Records shown:
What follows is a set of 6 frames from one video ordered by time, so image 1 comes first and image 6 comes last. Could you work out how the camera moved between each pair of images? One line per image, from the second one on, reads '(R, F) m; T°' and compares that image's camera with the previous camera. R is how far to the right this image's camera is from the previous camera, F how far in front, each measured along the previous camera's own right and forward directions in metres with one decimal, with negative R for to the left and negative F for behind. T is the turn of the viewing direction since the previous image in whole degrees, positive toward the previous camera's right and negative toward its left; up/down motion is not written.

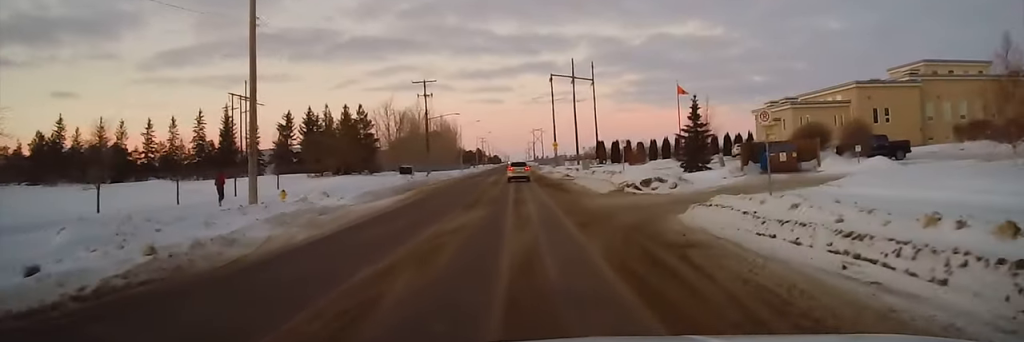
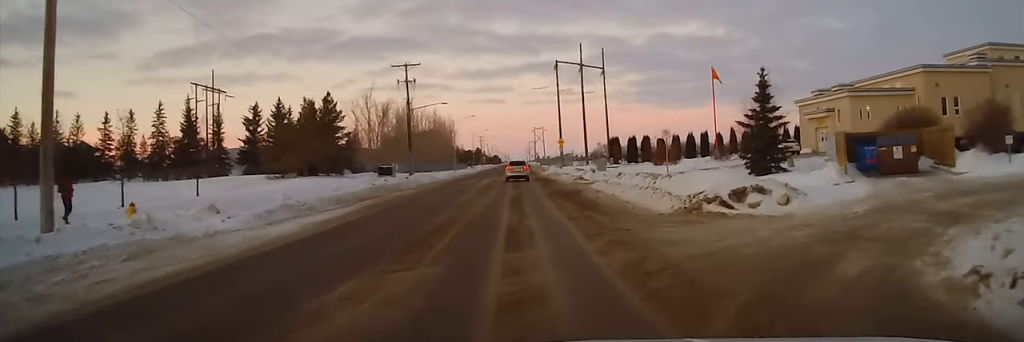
(0.0, +12.8) m; 0°
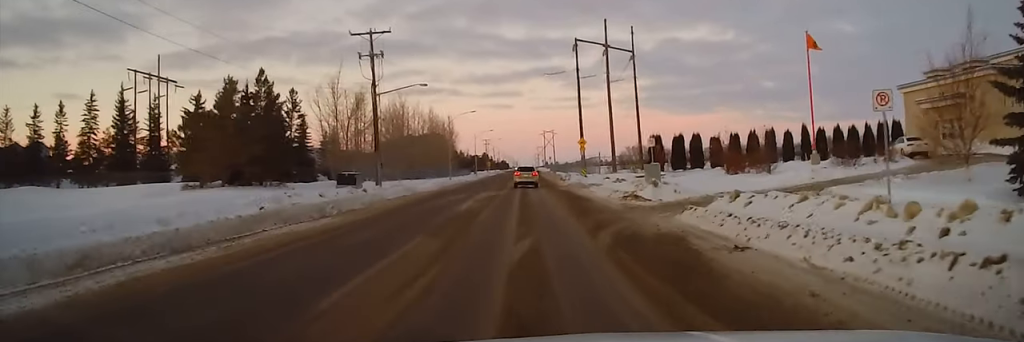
(0.0, +18.7) m; 0°
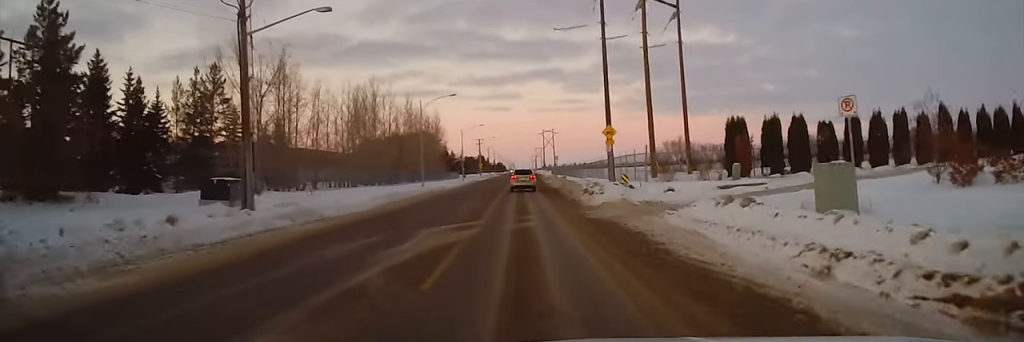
(0.0, +22.7) m; 0°
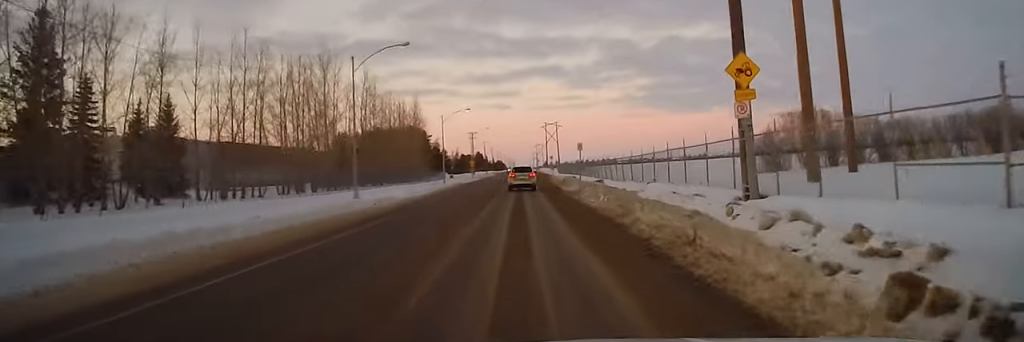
(0.0, +26.5) m; -1°
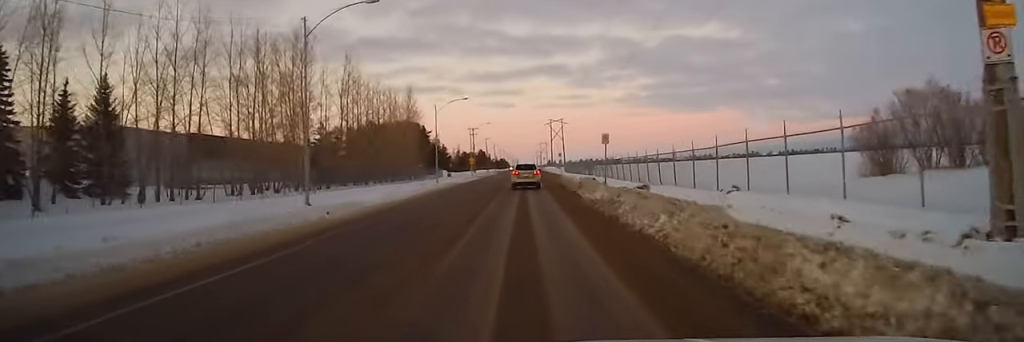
(0.0, +9.8) m; -1°

Work request: Write the listing out exactly, apart from its pictures.

Task solution:
What follows is a set of 6 frames from one video ordered by time, so image 1 comes first and image 6 comes last. Could you work out how the camera moved between each pair of images? One line per image, from the second one on, reads '(R, F) m; T°' and compares that image's camera with the previous camera. R is how far to the right this image's camera is from the previous camera, F how far in front, each measured along the previous camera's own right and forward directions in metres with one decimal, with negative R for to the left and negative F for behind. T is the turn of the viewing direction since the previous image in whole degrees, positive toward the previous camera's right and negative toward its left; up/down motion is not written.

(0.0, +12.8) m; 0°
(0.0, +18.7) m; 0°
(0.0, +22.7) m; 0°
(0.0, +26.5) m; -1°
(0.0, +9.8) m; -1°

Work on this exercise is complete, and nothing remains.